→ Work instructions:
Work through the material beneath and count the lines that include "class"; the answer is that number alone.

→ Records to use:

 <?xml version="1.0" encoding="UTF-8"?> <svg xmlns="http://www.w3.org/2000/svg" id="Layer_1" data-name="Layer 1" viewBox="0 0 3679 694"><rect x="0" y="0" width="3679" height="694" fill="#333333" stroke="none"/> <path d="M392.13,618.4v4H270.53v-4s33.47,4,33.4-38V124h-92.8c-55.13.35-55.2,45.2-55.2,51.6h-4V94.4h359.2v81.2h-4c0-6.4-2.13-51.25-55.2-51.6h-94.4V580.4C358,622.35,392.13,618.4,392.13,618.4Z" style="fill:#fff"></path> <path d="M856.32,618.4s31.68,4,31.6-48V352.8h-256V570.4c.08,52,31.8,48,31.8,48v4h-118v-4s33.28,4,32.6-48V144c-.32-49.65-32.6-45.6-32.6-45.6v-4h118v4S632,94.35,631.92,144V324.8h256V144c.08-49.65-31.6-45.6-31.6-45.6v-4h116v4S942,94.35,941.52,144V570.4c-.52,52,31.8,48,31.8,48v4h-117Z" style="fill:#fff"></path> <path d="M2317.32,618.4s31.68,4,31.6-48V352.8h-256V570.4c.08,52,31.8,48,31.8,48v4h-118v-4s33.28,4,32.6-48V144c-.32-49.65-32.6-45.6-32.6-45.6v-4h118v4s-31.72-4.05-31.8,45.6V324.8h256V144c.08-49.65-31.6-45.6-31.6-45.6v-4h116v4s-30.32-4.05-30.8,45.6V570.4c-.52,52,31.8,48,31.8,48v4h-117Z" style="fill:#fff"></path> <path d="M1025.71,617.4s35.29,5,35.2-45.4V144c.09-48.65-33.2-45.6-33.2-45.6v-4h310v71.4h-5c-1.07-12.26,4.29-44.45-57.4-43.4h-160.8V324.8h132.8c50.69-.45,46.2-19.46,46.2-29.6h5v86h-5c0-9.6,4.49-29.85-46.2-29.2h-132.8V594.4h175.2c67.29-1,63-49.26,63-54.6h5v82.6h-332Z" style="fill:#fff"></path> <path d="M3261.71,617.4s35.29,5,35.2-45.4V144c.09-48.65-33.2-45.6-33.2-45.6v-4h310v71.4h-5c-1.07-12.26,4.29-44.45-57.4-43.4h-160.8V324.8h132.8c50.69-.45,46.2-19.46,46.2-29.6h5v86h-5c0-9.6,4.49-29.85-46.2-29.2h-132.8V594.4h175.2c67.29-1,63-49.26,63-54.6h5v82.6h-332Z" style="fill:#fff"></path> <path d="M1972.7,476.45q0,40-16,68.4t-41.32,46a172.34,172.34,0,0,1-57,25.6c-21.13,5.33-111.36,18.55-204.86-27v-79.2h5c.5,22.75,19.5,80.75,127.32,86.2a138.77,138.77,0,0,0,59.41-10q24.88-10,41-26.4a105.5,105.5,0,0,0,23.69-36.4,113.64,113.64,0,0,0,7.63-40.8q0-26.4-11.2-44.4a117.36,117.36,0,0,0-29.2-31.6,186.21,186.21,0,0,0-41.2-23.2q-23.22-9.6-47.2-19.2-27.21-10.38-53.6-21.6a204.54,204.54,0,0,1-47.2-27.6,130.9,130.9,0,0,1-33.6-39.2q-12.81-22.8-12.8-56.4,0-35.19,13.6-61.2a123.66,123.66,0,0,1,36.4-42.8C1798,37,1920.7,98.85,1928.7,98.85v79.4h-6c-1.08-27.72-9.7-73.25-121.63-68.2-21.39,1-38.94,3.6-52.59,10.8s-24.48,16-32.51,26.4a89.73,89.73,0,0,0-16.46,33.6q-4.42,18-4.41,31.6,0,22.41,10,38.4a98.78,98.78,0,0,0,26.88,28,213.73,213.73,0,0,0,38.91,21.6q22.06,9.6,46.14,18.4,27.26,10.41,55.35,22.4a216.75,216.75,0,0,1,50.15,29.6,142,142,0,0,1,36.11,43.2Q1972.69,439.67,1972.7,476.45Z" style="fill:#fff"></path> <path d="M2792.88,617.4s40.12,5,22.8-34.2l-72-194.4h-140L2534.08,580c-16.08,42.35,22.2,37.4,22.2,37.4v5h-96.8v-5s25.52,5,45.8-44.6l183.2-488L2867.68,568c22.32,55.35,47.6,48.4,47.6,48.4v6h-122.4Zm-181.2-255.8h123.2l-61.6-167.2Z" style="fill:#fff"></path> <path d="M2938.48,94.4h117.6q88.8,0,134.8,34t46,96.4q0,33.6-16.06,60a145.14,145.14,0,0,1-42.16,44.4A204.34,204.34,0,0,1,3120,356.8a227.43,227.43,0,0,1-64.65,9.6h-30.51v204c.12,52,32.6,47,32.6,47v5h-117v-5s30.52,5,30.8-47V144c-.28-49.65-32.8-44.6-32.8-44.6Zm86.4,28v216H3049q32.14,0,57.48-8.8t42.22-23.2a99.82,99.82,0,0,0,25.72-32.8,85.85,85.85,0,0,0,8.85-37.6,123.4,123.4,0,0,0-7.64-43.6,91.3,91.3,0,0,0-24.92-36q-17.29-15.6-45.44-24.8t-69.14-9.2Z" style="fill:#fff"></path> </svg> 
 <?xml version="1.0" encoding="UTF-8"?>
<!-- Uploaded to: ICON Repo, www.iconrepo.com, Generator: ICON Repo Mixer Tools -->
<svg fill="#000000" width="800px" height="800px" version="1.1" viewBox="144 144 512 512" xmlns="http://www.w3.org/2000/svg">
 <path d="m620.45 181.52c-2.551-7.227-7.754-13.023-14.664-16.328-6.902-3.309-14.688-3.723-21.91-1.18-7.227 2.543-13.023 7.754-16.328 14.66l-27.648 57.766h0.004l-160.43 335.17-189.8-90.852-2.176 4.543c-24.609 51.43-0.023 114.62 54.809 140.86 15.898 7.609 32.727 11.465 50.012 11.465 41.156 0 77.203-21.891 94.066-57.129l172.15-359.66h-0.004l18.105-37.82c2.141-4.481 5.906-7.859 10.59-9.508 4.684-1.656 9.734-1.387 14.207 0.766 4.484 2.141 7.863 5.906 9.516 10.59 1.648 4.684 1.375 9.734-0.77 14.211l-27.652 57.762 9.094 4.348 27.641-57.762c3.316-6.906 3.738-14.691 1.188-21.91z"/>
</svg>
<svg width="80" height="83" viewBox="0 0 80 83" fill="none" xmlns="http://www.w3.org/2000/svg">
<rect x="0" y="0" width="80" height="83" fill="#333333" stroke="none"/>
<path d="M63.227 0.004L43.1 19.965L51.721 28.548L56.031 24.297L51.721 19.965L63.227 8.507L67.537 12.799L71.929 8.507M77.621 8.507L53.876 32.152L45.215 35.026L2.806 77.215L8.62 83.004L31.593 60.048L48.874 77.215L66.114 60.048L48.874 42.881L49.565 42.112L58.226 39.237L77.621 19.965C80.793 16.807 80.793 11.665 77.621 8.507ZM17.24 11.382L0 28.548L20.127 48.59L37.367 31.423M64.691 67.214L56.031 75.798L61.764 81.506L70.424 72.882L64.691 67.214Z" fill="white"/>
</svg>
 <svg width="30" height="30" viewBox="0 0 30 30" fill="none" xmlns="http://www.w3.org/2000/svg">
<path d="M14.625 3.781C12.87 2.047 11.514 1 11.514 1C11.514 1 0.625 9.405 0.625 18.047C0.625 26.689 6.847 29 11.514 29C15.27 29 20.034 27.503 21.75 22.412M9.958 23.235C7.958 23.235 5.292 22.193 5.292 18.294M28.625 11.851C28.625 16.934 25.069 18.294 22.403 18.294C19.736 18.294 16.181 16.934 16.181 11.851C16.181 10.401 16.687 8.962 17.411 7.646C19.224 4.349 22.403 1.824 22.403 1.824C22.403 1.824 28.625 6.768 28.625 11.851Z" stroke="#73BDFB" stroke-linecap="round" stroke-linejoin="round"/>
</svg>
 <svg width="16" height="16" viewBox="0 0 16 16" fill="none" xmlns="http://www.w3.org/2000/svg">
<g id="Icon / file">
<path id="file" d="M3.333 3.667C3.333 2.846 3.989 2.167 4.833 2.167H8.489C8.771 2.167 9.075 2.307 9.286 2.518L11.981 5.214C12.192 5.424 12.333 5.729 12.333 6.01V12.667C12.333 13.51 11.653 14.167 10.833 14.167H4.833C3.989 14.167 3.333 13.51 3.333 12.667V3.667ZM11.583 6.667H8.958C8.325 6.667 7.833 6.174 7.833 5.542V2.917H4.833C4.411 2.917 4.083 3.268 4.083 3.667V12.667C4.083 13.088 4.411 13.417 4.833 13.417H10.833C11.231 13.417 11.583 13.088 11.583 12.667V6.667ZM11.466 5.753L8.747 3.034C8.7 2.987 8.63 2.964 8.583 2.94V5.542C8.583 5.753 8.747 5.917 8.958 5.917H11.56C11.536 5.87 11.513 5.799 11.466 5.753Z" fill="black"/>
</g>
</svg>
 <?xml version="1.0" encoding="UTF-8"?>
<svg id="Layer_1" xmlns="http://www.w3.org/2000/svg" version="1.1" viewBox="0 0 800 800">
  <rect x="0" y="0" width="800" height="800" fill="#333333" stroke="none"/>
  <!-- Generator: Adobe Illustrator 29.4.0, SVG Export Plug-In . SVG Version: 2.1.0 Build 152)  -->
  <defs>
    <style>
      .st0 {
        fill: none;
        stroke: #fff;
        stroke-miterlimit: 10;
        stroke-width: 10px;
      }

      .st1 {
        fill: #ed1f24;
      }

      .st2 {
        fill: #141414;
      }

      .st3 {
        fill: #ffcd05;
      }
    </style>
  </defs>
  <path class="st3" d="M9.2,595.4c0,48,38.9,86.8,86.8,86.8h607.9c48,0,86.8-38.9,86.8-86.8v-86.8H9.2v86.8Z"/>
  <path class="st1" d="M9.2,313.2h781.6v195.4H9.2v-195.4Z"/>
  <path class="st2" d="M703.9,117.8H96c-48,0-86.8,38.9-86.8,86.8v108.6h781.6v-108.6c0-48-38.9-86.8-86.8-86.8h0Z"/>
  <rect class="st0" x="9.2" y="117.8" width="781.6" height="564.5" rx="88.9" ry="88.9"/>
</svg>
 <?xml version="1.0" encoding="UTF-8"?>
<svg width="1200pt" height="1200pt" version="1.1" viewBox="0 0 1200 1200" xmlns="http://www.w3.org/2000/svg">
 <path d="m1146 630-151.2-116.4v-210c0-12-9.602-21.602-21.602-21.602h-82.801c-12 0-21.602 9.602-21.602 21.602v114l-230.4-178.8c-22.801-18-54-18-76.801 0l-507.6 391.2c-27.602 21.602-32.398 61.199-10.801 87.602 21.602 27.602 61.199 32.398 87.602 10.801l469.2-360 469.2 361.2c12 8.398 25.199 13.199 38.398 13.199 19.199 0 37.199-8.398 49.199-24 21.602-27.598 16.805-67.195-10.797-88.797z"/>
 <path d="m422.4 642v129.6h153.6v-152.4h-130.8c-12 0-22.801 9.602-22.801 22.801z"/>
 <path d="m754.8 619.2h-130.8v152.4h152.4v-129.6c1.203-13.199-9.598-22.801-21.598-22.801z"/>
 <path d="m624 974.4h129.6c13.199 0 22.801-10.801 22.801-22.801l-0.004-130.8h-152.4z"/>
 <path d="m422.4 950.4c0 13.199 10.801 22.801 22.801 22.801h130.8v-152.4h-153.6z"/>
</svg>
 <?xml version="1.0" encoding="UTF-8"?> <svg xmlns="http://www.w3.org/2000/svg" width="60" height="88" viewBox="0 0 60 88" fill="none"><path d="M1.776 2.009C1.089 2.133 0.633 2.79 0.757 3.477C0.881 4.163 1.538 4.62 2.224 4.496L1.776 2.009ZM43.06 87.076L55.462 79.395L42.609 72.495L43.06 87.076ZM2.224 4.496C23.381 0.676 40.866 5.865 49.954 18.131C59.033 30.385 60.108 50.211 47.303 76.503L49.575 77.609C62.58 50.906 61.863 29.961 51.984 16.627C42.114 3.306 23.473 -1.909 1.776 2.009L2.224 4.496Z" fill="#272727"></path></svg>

→ Finished exercise:
4